ESPAGNE : FIN DU SYSTÈME ANTIFRANQUISTE

Le bipartisme désavoué de l’autre coté des Pyrénées
Posté par: Jean Bonnevey le: 21/12/2015
MONDE EN ACTION



La diabolisation de la période franquiste, toujours d’actualité et fondement de la démocratie bruxelloise espagnole, explique que le populisme national n’arrive pas encore à percer au pays de la réconquista. Cependant  des éléments devraient y concourir, menace sur l’unité du pays, crise économique liée au libéralisme européiste, poussée migratoire et revendications communautaristes.

L’Espagne cependant, c’est déjà quelque chose, ne croit plus au système bipartie d’alternance artificielle. Les dernières élections en apportent la preuve. C’est en Espagne comme dans beaucoup d'autres pays européens, la fin d’un cycle.

Cependant, et contrairement aux analyses de la presse dominante, la droite reste le premier parti d'Espagne, mais l’absence de majorité absolue et l’émiettement des forces va poser problème pour la formation d’un gouvernement.

Mariano Rajoy, est arrivé en tête des élections législatives, dimanche 20 décembre, avec 123 sièges. Incapables d'atteindre le seuil des 176 sièges, synonyme de majorité absolue, le Parti populaire (123 sièges, 28,72%) et le Parti socialiste ouvrier (90 sièges, 22%) ont à peine recueilli, à eux deux, la moitié des suffrages (50,72%). Le PP a réalisé son pire score depuis 1993, et le PSOE le moins bon résultat de son histoire. C’est bien le système qui est rejeté. En cas de blocage, les Espagnols pourraient retourner aux urnes dans quelques semaines.

Arrivé en troisième position, avec 69 sièges et 20,6% des voix, le parti anti-austérité Podemos fait une entrée remarquée au Congrès des députés. Podemos devance nettement l'autre nouveau venu sur la scène politique ibérique, Ciudadanos. Ce parti centriste obtient 40 sièges et 14% des suffrages. Podemos et Ciudadanos ont émergé à la faveur d’une crise sans précédent, qui a secoué non seulement l’économie mais aussi les institutions, ternies par la corruption touchant l’ensemble de l’establishment : partis traditionnels, grandes entreprises, syndicats, et même une fille du roi Juan Carlos. Les deux partis exigeaient une « régénération démocratique » et davantage de transparence de la vie politique pour en finir avec la corruption.

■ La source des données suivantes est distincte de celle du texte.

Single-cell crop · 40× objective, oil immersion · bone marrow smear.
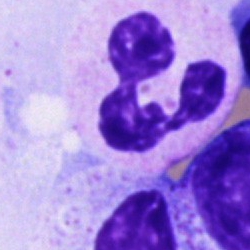 Cell type: neutrophil (segmented).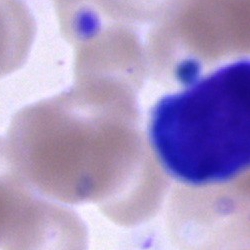Specimen: bone marrow smear.
Cell: unidentifiable cell.
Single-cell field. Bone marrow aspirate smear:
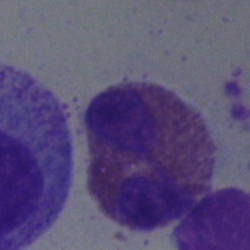 Eosinophil.
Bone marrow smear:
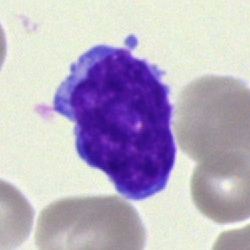
This is a blast.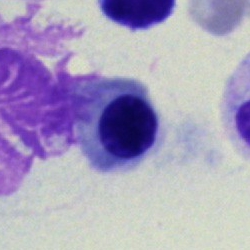 Cell type — normoblast.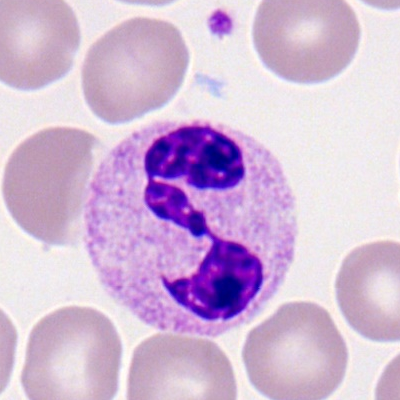Specimen: peripheral blood film.
Cell type: polymorphonuclear neutrophil.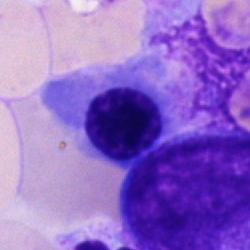

The morphological class is nucleated red blood cell.
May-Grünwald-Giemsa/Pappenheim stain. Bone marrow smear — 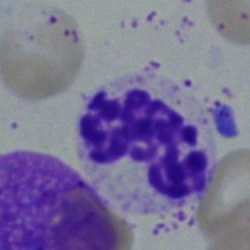The cell is neutrophil (segmented).
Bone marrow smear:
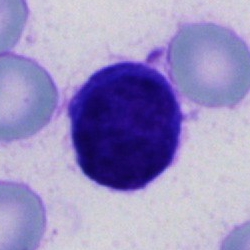Cell type: cell of indeterminate lineage.
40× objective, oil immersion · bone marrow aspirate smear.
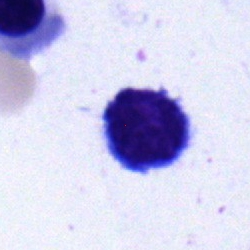{"cell_type": "lymphocyte", "lineage": "lymphoid"}
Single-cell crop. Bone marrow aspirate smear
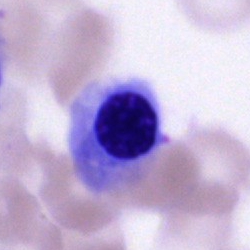

Morphology — nucleated red cell.
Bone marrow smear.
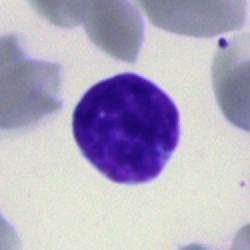

Specimen: bone marrow smear.
Classification: blast.

Mariano Rajoy a déclaré qu'il allait tenter de former un gouvernement, sans cacher que les jours à venir seraient difficiles et que des alliances devraient être forgées. Un gouvernement minoritaire Parti Populaire est techniquement possible, mais improbable. Même chose pour une grande coalition entre le Parti Populaire et les socialistes, que les deux partis ont vigoureusement exclue lors de la campagne électorale. Mais l’idée pourrait faire du chemin.

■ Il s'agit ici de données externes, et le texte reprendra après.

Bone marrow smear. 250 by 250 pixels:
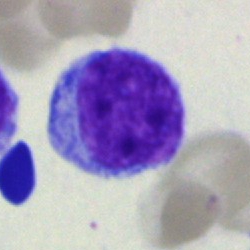 Blast cell.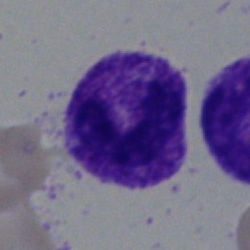 Morphological class: neutrophil (segmented).
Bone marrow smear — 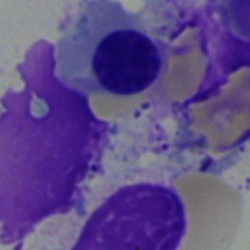Morphology consistent with a normoblast.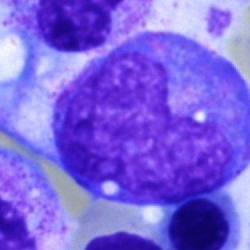 Cell type — promyelocyte.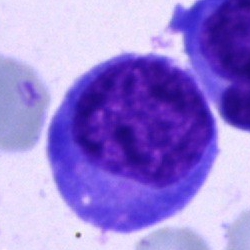 Impression — blast.
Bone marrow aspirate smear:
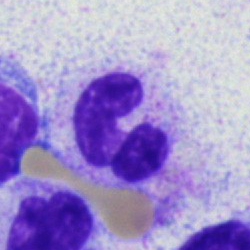
Morphological class: polymorphonuclear neutrophil.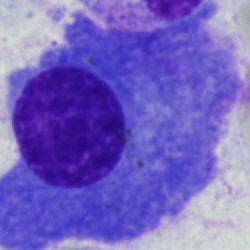Morphology — plasma cell.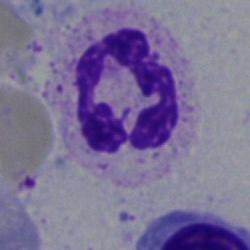
Specimen: bone marrow aspirate smear.
Cell type: neutrophil (segmented).
Lineage: myeloid.

Ce qui existe en Allemagne, ce que certains souhaitent en France n’épargnera pas longtemps l’Espagne. Une union après la connivence des partis du système pour imposer une politique alignée sur l’avatar européen du mondialisme dont les peuples ne veulent pas.

Les peuples le disent dans les urnes…. Mais certains continuent à faire dire ce qu’ils veulent aux chiffres surtout en les manipulant.